[WORK TASK]:
Every line below should be copied exactly; drop the pictures.

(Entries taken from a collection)
=====
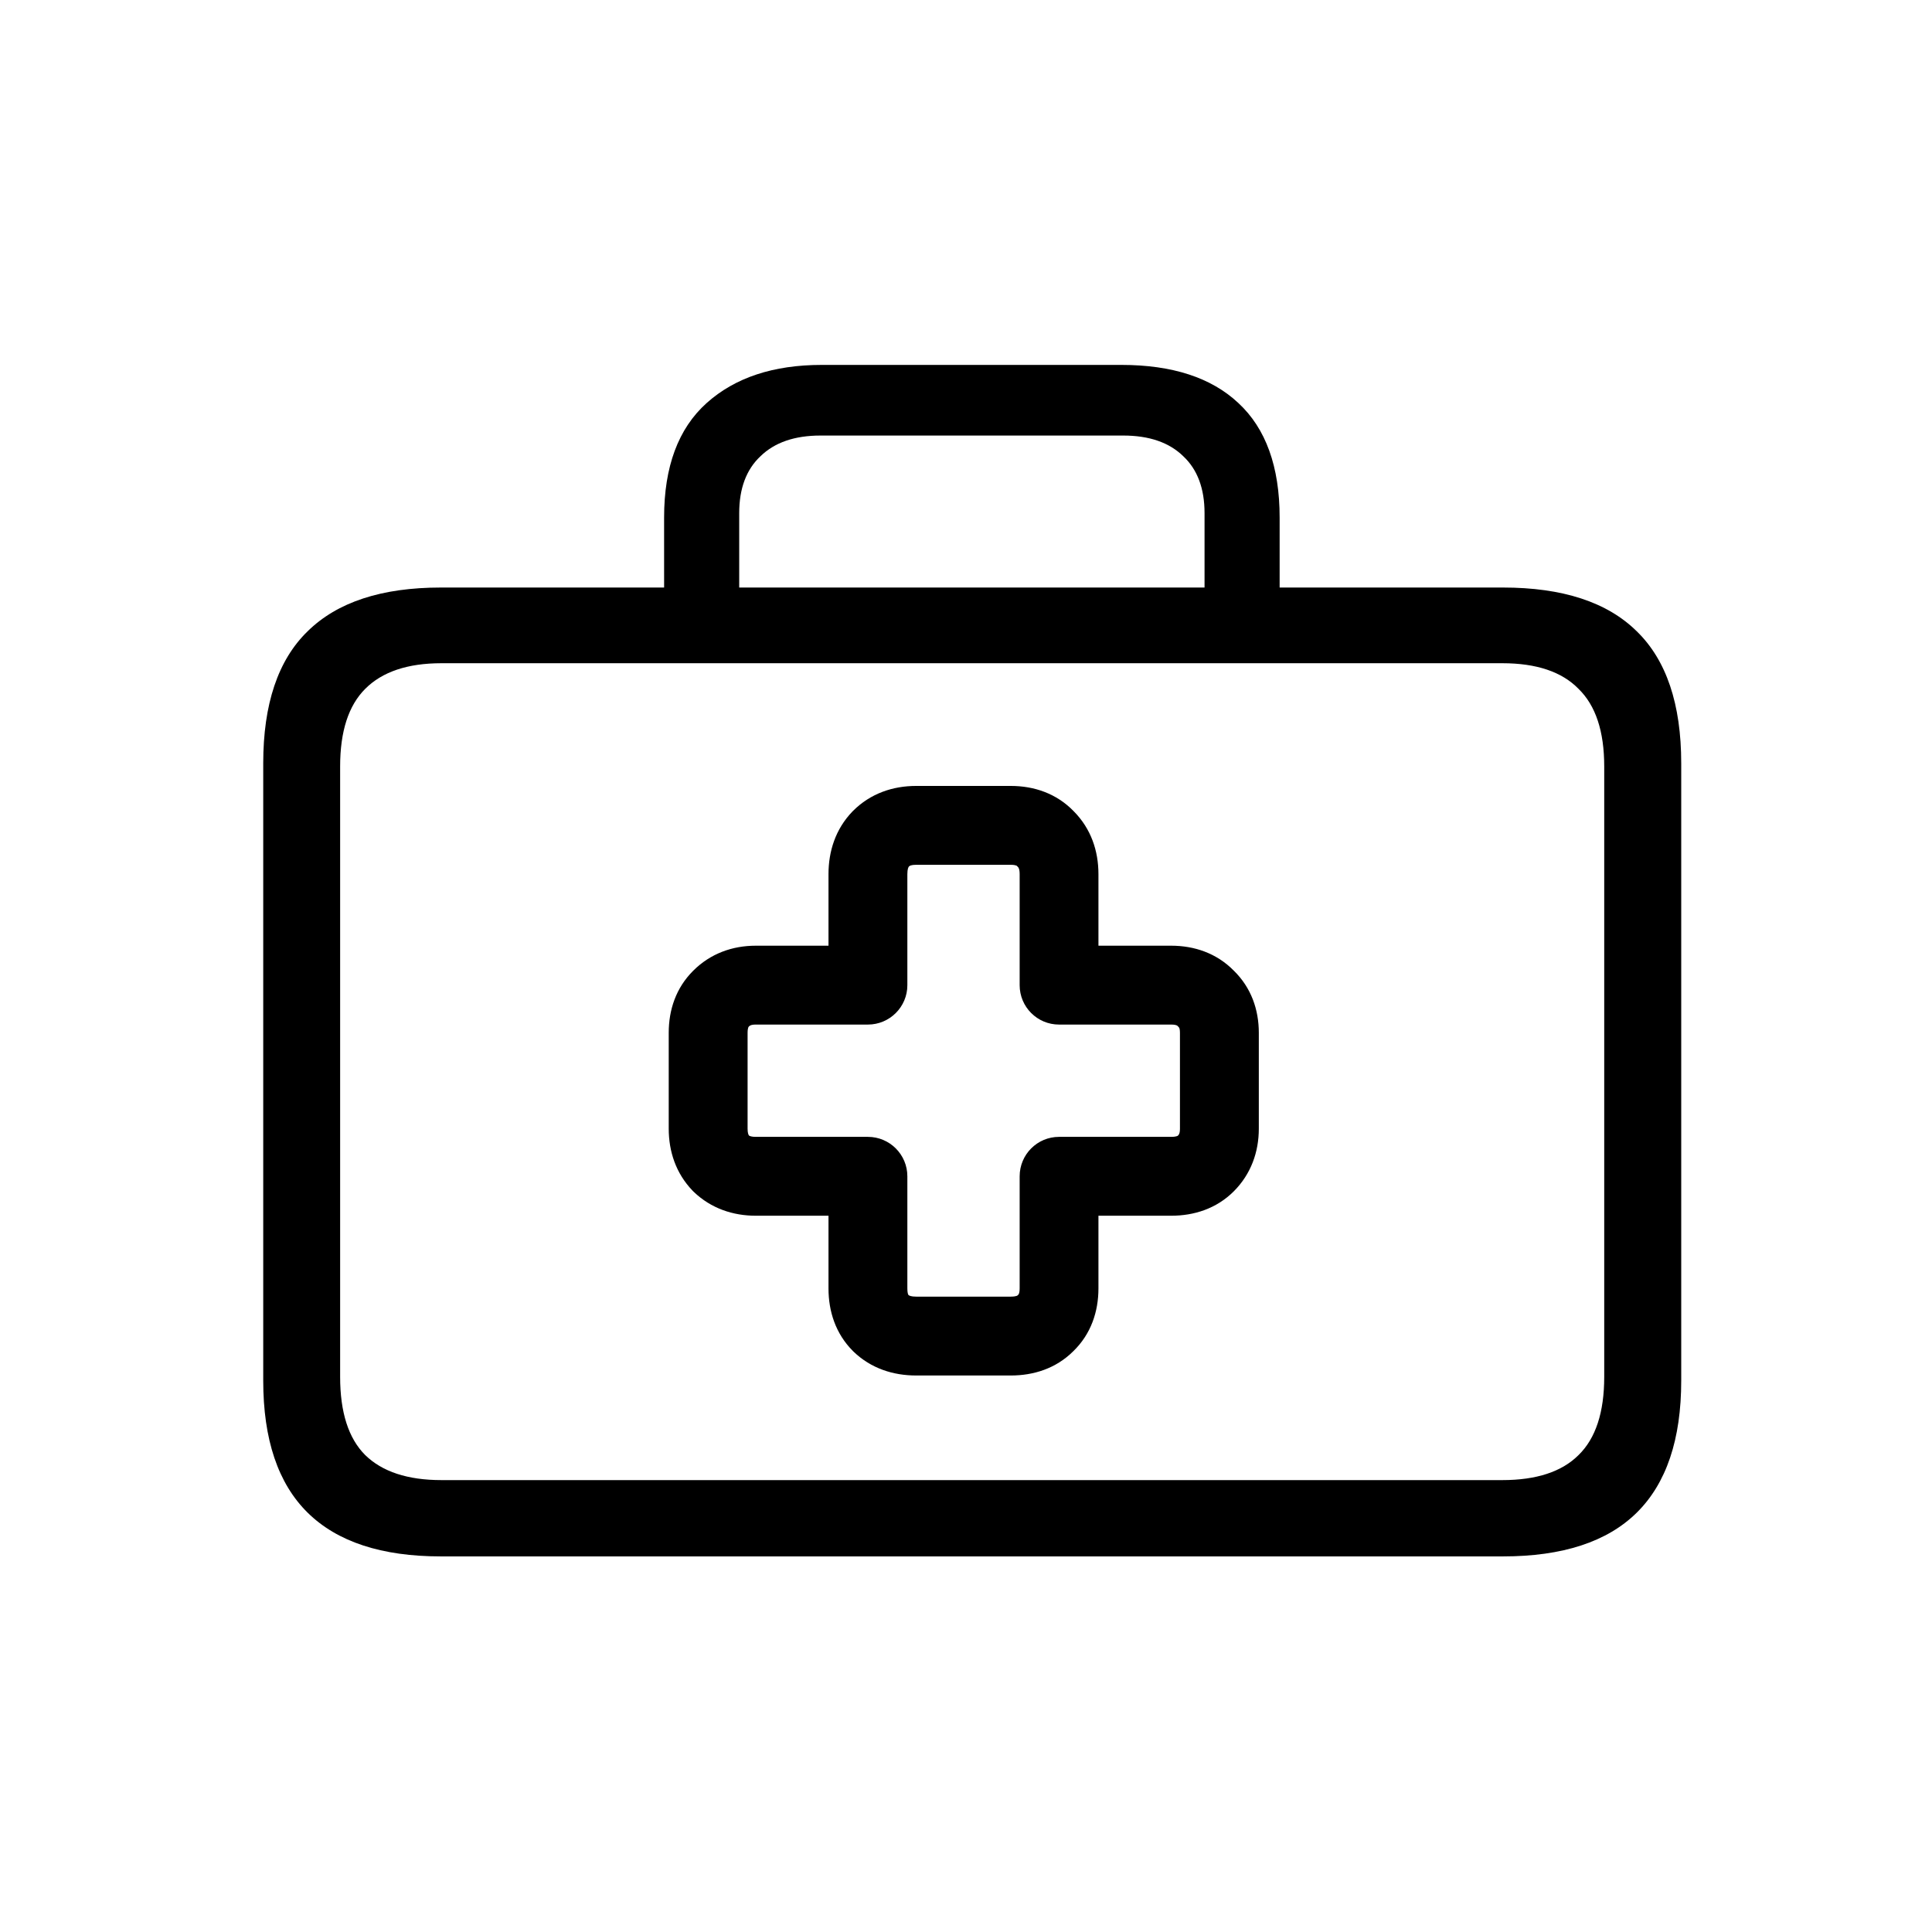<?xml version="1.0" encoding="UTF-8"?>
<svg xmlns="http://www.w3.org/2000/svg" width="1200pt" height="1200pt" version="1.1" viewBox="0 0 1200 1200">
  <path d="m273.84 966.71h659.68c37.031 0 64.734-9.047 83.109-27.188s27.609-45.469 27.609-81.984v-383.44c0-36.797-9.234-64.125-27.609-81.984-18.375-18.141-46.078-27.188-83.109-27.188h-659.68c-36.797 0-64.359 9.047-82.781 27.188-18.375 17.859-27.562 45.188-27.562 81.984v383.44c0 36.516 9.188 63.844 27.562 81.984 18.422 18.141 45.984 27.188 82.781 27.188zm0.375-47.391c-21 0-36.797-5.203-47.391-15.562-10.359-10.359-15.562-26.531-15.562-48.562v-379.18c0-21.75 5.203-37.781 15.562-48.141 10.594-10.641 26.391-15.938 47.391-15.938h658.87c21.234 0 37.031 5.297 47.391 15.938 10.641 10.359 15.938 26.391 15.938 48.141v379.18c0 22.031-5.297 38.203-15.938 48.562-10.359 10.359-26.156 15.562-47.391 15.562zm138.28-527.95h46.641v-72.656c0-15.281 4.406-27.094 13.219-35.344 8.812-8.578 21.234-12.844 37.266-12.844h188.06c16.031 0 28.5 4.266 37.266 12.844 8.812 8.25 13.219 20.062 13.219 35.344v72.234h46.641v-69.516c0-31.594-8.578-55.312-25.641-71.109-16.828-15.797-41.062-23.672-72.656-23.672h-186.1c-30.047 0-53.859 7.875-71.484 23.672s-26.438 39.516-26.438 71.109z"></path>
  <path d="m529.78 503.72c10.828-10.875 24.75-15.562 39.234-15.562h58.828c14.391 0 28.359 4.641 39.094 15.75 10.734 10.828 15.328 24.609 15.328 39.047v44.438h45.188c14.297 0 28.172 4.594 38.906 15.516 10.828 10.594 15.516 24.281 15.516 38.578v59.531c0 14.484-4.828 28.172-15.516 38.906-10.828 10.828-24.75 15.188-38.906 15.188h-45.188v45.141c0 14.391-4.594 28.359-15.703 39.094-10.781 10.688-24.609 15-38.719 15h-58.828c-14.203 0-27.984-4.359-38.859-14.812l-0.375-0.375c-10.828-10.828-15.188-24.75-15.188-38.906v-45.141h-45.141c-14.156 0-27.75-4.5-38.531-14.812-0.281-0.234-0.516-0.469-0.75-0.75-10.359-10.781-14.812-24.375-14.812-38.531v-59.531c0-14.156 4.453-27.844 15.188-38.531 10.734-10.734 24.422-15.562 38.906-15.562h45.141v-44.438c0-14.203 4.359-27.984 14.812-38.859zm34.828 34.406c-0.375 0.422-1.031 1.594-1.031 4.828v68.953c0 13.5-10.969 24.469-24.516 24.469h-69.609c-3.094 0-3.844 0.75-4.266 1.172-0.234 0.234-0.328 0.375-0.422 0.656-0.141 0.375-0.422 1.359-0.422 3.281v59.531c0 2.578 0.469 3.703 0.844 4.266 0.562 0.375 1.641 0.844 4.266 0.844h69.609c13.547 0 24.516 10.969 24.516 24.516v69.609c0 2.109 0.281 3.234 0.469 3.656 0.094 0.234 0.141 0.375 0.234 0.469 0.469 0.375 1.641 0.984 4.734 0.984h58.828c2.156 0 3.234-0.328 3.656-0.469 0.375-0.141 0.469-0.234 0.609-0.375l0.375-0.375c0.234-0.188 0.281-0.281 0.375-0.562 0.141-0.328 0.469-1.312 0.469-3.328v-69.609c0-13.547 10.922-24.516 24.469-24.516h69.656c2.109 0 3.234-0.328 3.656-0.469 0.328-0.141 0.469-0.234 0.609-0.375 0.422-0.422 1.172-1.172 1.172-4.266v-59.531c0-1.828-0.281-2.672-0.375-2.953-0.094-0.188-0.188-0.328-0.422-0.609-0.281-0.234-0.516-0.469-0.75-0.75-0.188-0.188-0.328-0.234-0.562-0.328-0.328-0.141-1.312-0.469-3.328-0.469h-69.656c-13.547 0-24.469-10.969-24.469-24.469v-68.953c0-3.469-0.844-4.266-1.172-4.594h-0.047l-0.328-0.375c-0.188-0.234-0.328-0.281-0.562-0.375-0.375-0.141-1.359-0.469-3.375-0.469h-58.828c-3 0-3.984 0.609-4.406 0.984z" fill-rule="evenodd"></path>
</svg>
=====
[EXERCISE SOLUTION]:
<?xml version="1.0" encoding="UTF-8"?>
<svg xmlns="http://www.w3.org/2000/svg" width="1200pt" height="1200pt" version="1.1" viewBox="0 0 1200 1200">
  <path d="m273.84 966.71h659.68c37.031 0 64.734-9.047 83.109-27.188s27.609-45.469 27.609-81.984v-383.44c0-36.797-9.234-64.125-27.609-81.984-18.375-18.141-46.078-27.188-83.109-27.188h-659.68c-36.797 0-64.359 9.047-82.781 27.188-18.375 17.859-27.562 45.188-27.562 81.984v383.44c0 36.516 9.188 63.844 27.562 81.984 18.422 18.141 45.984 27.188 82.781 27.188zm0.375-47.391c-21 0-36.797-5.203-47.391-15.562-10.359-10.359-15.562-26.531-15.562-48.562v-379.18c0-21.75 5.203-37.781 15.562-48.141 10.594-10.641 26.391-15.938 47.391-15.938h658.87c21.234 0 37.031 5.297 47.391 15.938 10.641 10.359 15.938 26.391 15.938 48.141v379.18c0 22.031-5.297 38.203-15.938 48.562-10.359 10.359-26.156 15.562-47.391 15.562zm138.28-527.95h46.641v-72.656c0-15.281 4.406-27.094 13.219-35.344 8.812-8.578 21.234-12.844 37.266-12.844h188.06c16.031 0 28.5 4.266 37.266 12.844 8.812 8.25 13.219 20.062 13.219 35.344v72.234h46.641v-69.516c0-31.594-8.578-55.312-25.641-71.109-16.828-15.797-41.062-23.672-72.656-23.672h-186.1c-30.047 0-53.859 7.875-71.484 23.672s-26.438 39.516-26.438 71.109z"></path>
  <path d="m529.78 503.72c10.828-10.875 24.75-15.562 39.234-15.562h58.828c14.391 0 28.359 4.641 39.094 15.75 10.734 10.828 15.328 24.609 15.328 39.047v44.438h45.188c14.297 0 28.172 4.594 38.906 15.516 10.828 10.594 15.516 24.281 15.516 38.578v59.531c0 14.484-4.828 28.172-15.516 38.906-10.828 10.828-24.75 15.188-38.906 15.188h-45.188v45.141c0 14.391-4.594 28.359-15.703 39.094-10.781 10.688-24.609 15-38.719 15h-58.828c-14.203 0-27.984-4.359-38.859-14.812l-0.375-0.375c-10.828-10.828-15.188-24.75-15.188-38.906v-45.141h-45.141c-14.156 0-27.75-4.5-38.531-14.812-0.281-0.234-0.516-0.469-0.75-0.75-10.359-10.781-14.812-24.375-14.812-38.531v-59.531c0-14.156 4.453-27.844 15.188-38.531 10.734-10.734 24.422-15.562 38.906-15.562h45.141v-44.438c0-14.203 4.359-27.984 14.812-38.859zm34.828 34.406c-0.375 0.422-1.031 1.594-1.031 4.828v68.953c0 13.5-10.969 24.469-24.516 24.469h-69.609c-3.094 0-3.844 0.75-4.266 1.172-0.234 0.234-0.328 0.375-0.422 0.656-0.141 0.375-0.422 1.359-0.422 3.281v59.531c0 2.578 0.469 3.703 0.844 4.266 0.562 0.375 1.641 0.844 4.266 0.844h69.609c13.547 0 24.516 10.969 24.516 24.516v69.609c0 2.109 0.281 3.234 0.469 3.656 0.094 0.234 0.141 0.375 0.234 0.469 0.469 0.375 1.641 0.984 4.734 0.984h58.828c2.156 0 3.234-0.328 3.656-0.469 0.375-0.141 0.469-0.234 0.609-0.375l0.375-0.375c0.234-0.188 0.281-0.281 0.375-0.562 0.141-0.328 0.469-1.312 0.469-3.328v-69.609c0-13.547 10.922-24.516 24.469-24.516h69.656c2.109 0 3.234-0.328 3.656-0.469 0.328-0.141 0.469-0.234 0.609-0.375 0.422-0.422 1.172-1.172 1.172-4.266v-59.531c0-1.828-0.281-2.672-0.375-2.953-0.094-0.188-0.188-0.328-0.422-0.609-0.281-0.234-0.516-0.469-0.75-0.75-0.188-0.188-0.328-0.234-0.562-0.328-0.328-0.141-1.312-0.469-3.328-0.469h-69.656c-13.547 0-24.469-10.969-24.469-24.469v-68.953c0-3.469-0.844-4.266-1.172-4.594h-0.047l-0.328-0.375c-0.188-0.234-0.328-0.281-0.562-0.375-0.375-0.141-1.359-0.469-3.375-0.469h-58.828c-3 0-3.984 0.609-4.406 0.984z" fill-rule="evenodd"></path>
</svg>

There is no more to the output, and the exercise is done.